He who perceives the Enlightened Ones through all material and attributive modes, comprehends the Soul. All delusion then stands resolved.
Today man's delusion has become so strong that he is not able to know himself. Because of the powerful delusion in which he is caught, a man does not comprehend the enlightened Ones and this lack of understanding means that he does not know himself.
The present election environment is a living example of delusion. If we listen to, or read, the election speeches, a picture of delusion appears before us. The whole purport of election speeches is to downgrade the other party, to prove that it is no good, and thus to dissuade people from voting for it. It is on the basis of this negative point of view that the public decides who it should vote for. Nothing could be more silly. If the election system continues to run on the basis of such negative approach, the entire country would degenerate—it would be left with no constructive viewpoint and nothing worthwile will be accomplished.
The fundamental basis of election should be good conduct. Only he deserves to be elected who is virtuous, resolute, who is possessed of an unimpeachable character, and who is honest and moral. The nation in itself is a great power, an inexhaustible treasure. It is not impossible to be upright in the service of one's country; but to be so virtuous is hard; it is difficult like taking a deadly poison. We are not able to collect adequate force for a difficult undertaking; we are only busy propagating the view that the other person or party is noxious and must be avoided like the plague. One can imagine the kind of atmosphere prevailing under such circumstances. Had our delusion been not so powerful, such a predicament would never have arisen.
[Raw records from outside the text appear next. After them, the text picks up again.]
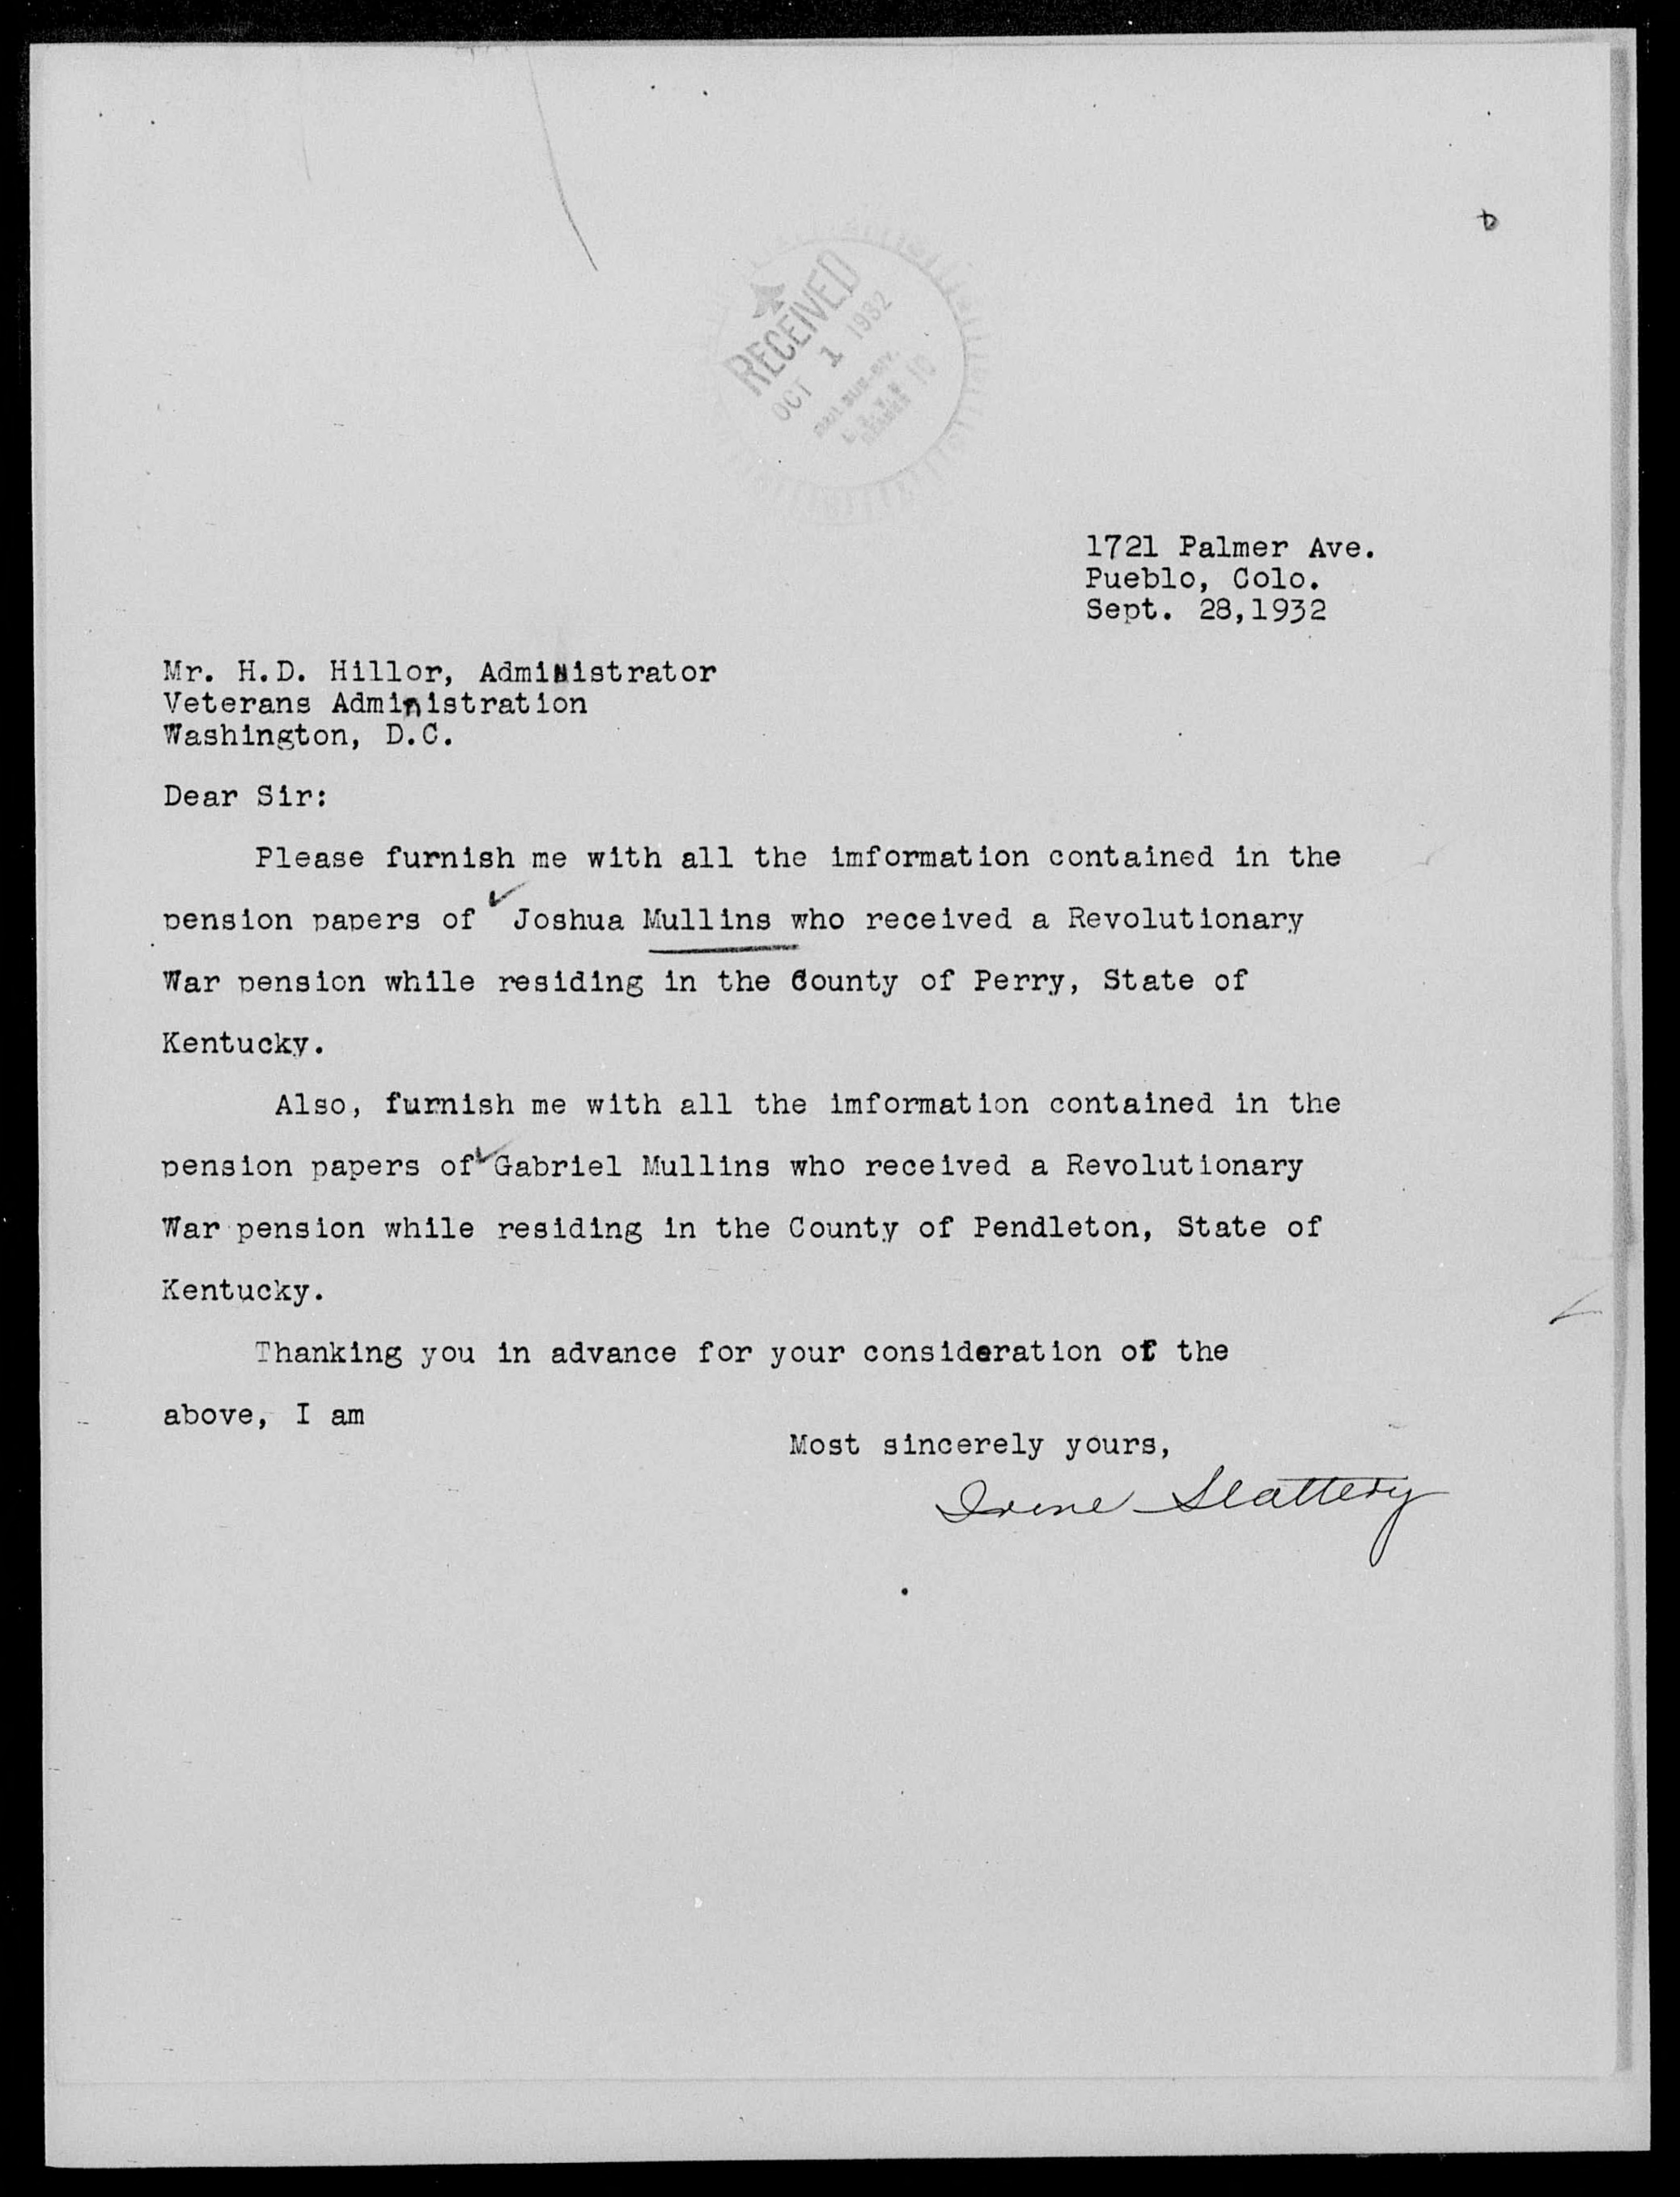1721 Palmer Ave.
                                                               Pueblo, Colo.
                                                               Sept. 28, 1932
Mr. H. D. Hillor, Administrator
Veterans Administration
Washington, D.C.
Dear Sir:

    Please furnish me with all the information contained in the
pension papers of Joshua Mullins who received a Revolutionary War
pension while residing in the County of Perry, State of
Kentucky.
    Also, furnish me with all the information contained in the
pension papers of Gabriel Mullins who received a Revolutionary War
pension while residing in the County of Pendleton, State of
Kentucky.
Thanking you in advance for your consideration of the
above, I am
Most sincerely yours,
Irene Slattery

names: Irene Slattery; H D Hillor; Joshua Mullins; Gabriel Mullins
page: 31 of 34
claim: survivor's
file: S. 30608, for Gabrel Mullins, Virginia

It is said that the Indian voter is very intelligent. But where are such intelligent voters to be found? Casteism, communalism and infatuation with the party are as strong as ever. All these three pose formidable problems. There is only one ruling passion—"The party must win at all costs!" For this one party assails another and declares its rival to be corrupt and good for nothing, quietly ignoring that it itself is in no way different. When the question of its own conduct is raised, we meet with silence. The real problem is that no political party has tried to propagate or advance virtuous conduct. No leader has launched any moral movement. Where there is such a gross lapse at the very source, with no endeavour to evolve virtuous personalities or any effort to align oneself with any current movement for the establishment of morality, how can we expect probity in public life?
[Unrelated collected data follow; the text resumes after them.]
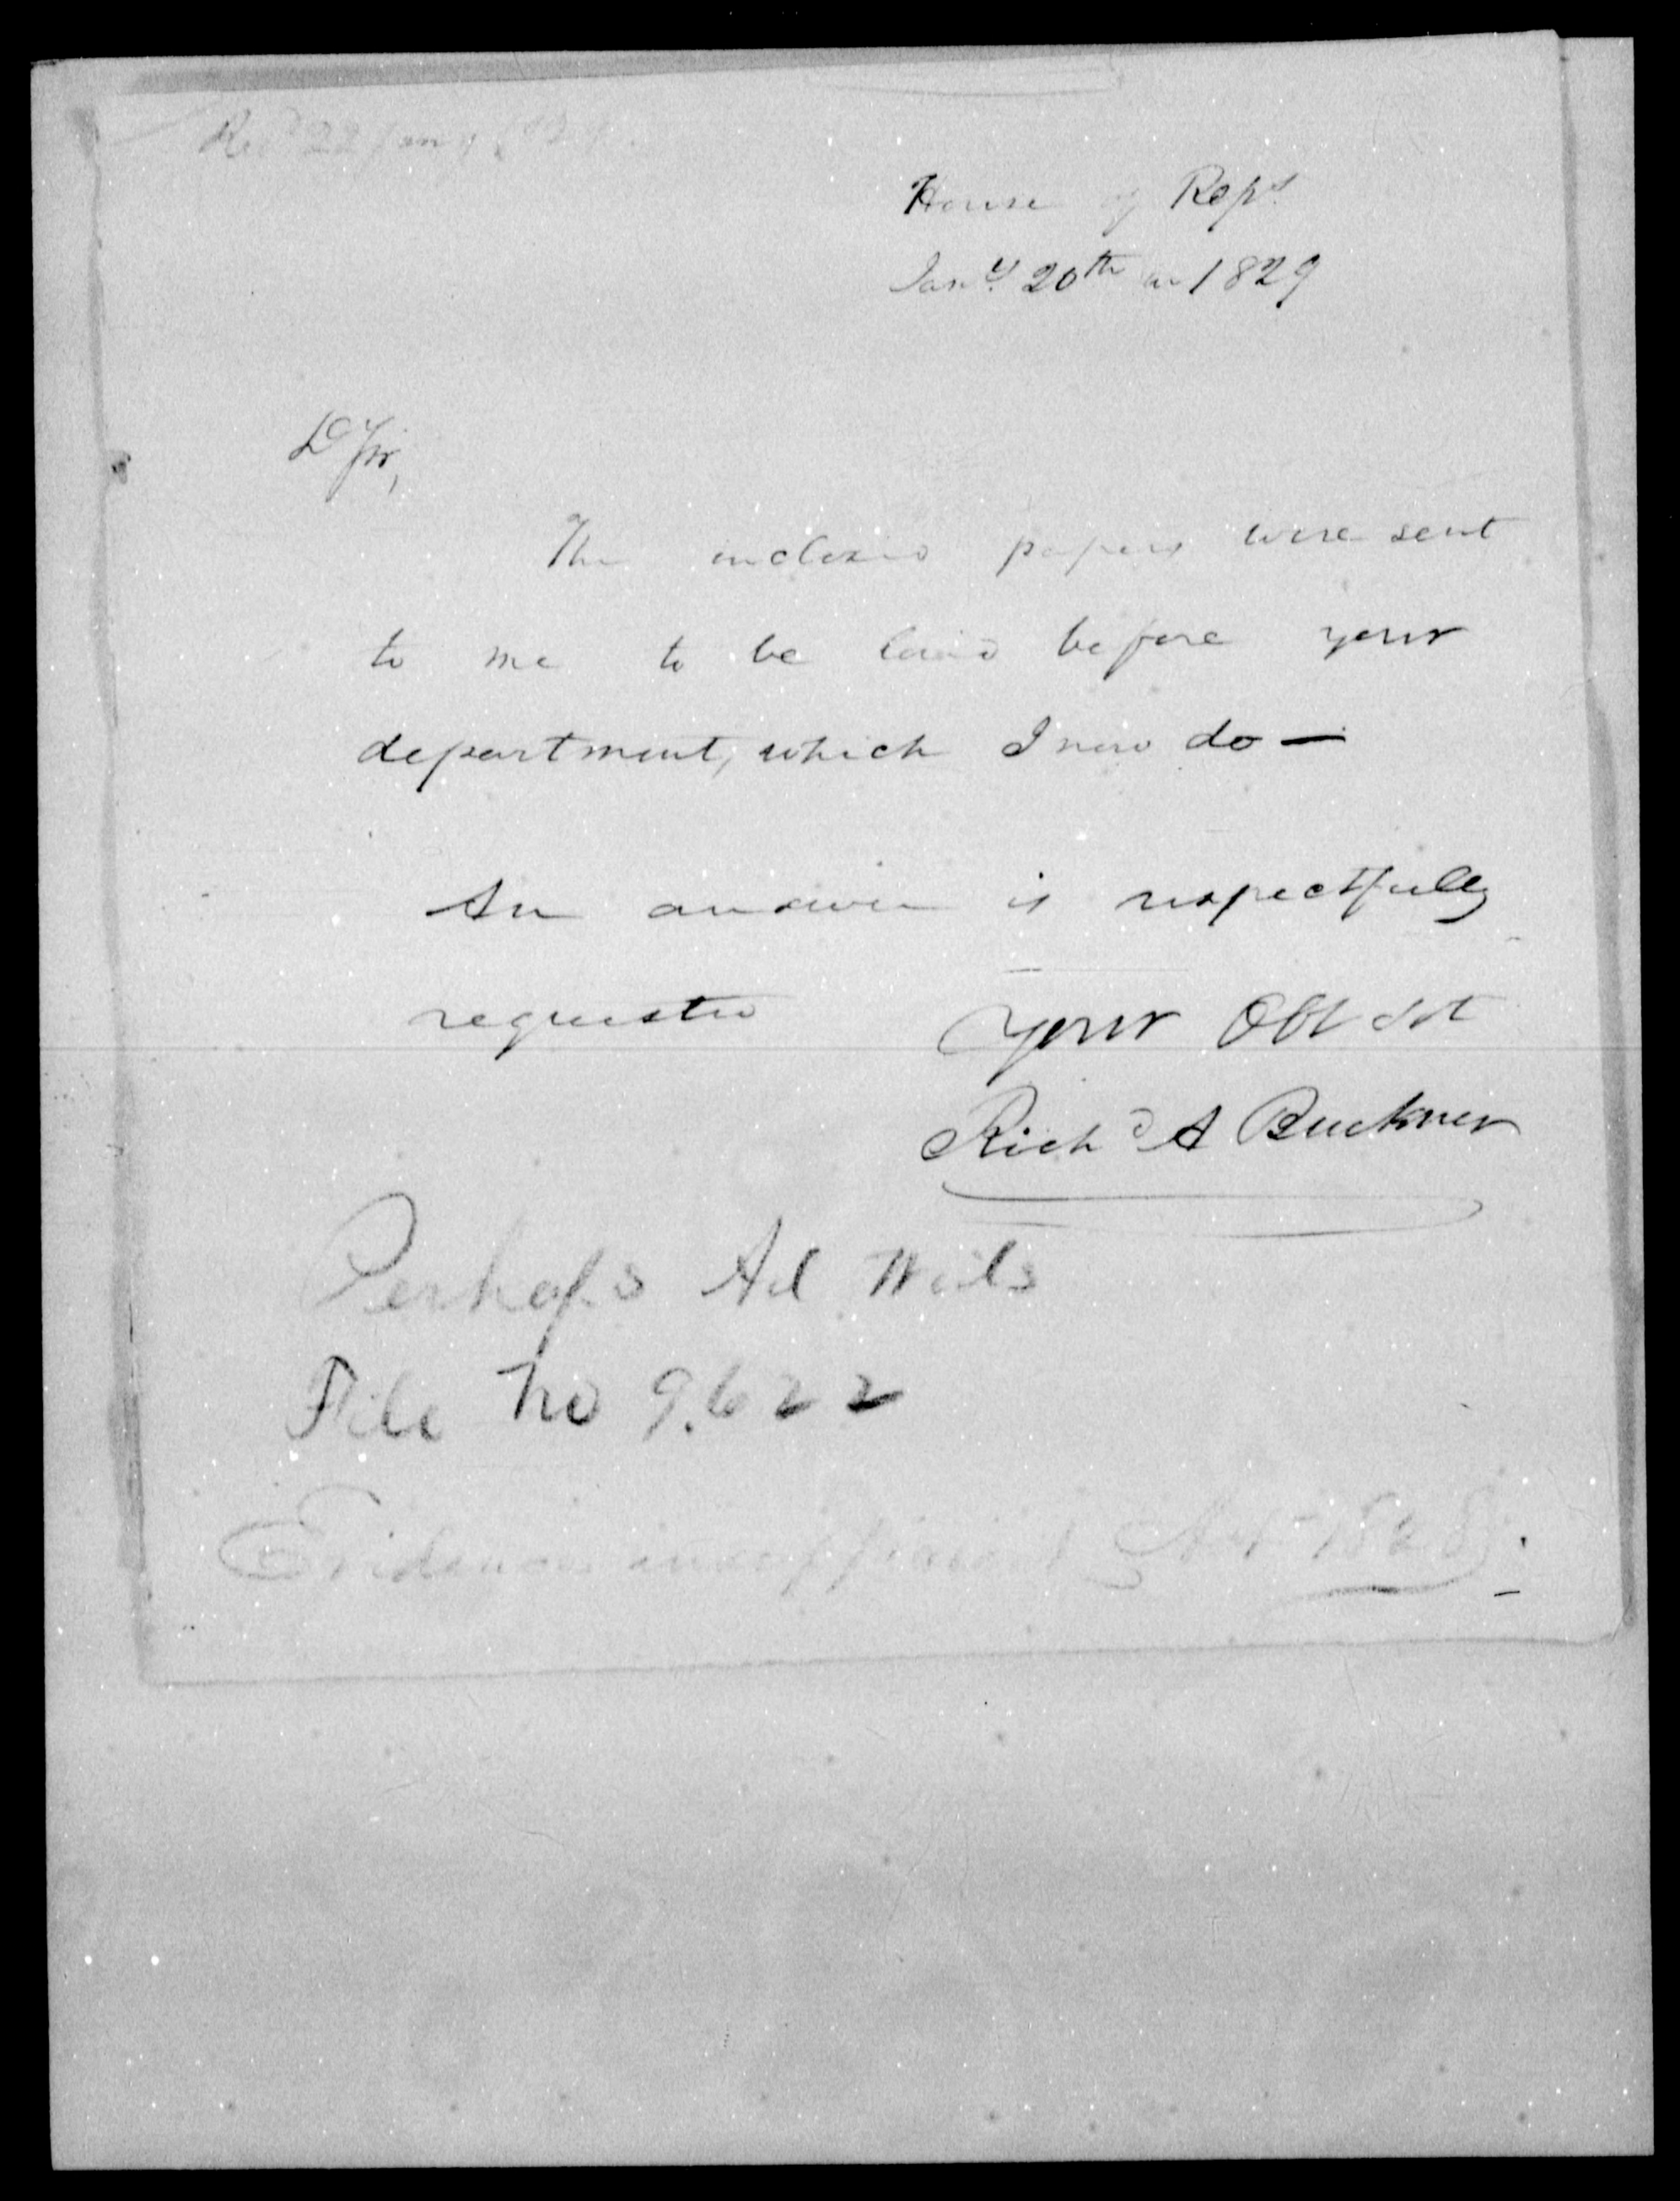Recd 22 Jany
House of Reps
Jany 20th 1829
The enclosed papers were sent
to me to be laid before your
department, which I now do --
An answer is respectfully
requested 
your obedient
Rich A Buckner
Perhaps Ad trials
File no 9.622
Evidence insufficient AF 1828

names: Richd A Buckner
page: 56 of 57
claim: widow's
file: W. 9,622, for Aaron Redman, Virginia

It seems that not a single political party in the country is inclined to seriously consider this matter. That prominent politicians should align themselves with a moral movement and take Anuvratas—certain pledges—where is the environment for such a development? People afflicted with mental distress are practising preksha meditation for freedom from tension, but no one seems to be concerned with how we can lead a virtuous life. The average person does not at all feel the need of moral education before taking up a career in administration or other fields. In the absence of realisation of such a need, how far can any movement against corruption succeed? In this respect, there is little difference between the candidates of the ruling party and those of the opposition—both present different faces of the same coin.
What is the guarantee that he who is not in power today, will be as upright and moral as a ruler should be, after he comes into power? Can it be said with any assurance that the ministry as a whole will run the government honestly, giving priority to the public good? Every candidate exploits the common man's selfish ambitions by undertaking to do all kinds of things. The present-day politics has been reduced to the politics of empty promises without much substance. This is particularly true of present-day Indian politics.
Nevertheless, in India there persists even today an aspiration for morality. The average Indian prefers honesty and dislikes corruption. But who is going to inspire him to lead an honest life? This too must be admitted that there has perhaps been something wanting in the functioning of a moral movement like that of Anuvrat in the way of imparting adequate training. Had 50-100 strong and proficient personalities—such as judges, thinkers, and political leaders who are capable of influencing the desting of the country—been trained to be anuvratis through the medium of the Anuvrat Movement, it would have perhaps made those fighting elections behave much more responsibly. Even now, if the Anuvrat Movement can prepare and present before the country some moral, upright men of character in the field of justice and administration, it would take the country a long way in the direction of virtuous living, and the idea of giving a new turn to the election process would be successfully implemented. It is the crying need of the age that we give our most earnest consideration to the issue of corruption and at the same time reinforce and encourage the moral spirit already existing in people's minds and exclusively devote ourselves to the campaign for the creation of wholesome integrated personalities. If we can do so, it would be possible for us to establish morality among the public.
The greatest impediment in the way of achieving morality is attachment and delusion. Until a man is free of attachment, he cannot fully dedicate himself to the task of establishing morality. The secret of reducing attachment lies in seeking refuge in one's own soul. The attachment or delusion of a man who seeks refuge in his soul, who seeks the patronage of the Enlightened Ones, can never grow too strong. Seeking refuge in the self means to move in the delusion-transcending consciousness. In such establishment lies the assurance of patronage of the Enlightened Ones and the achievement of a life permeated by virtue. He who thus achieves a moral life, himself becomes enlightened in course of time.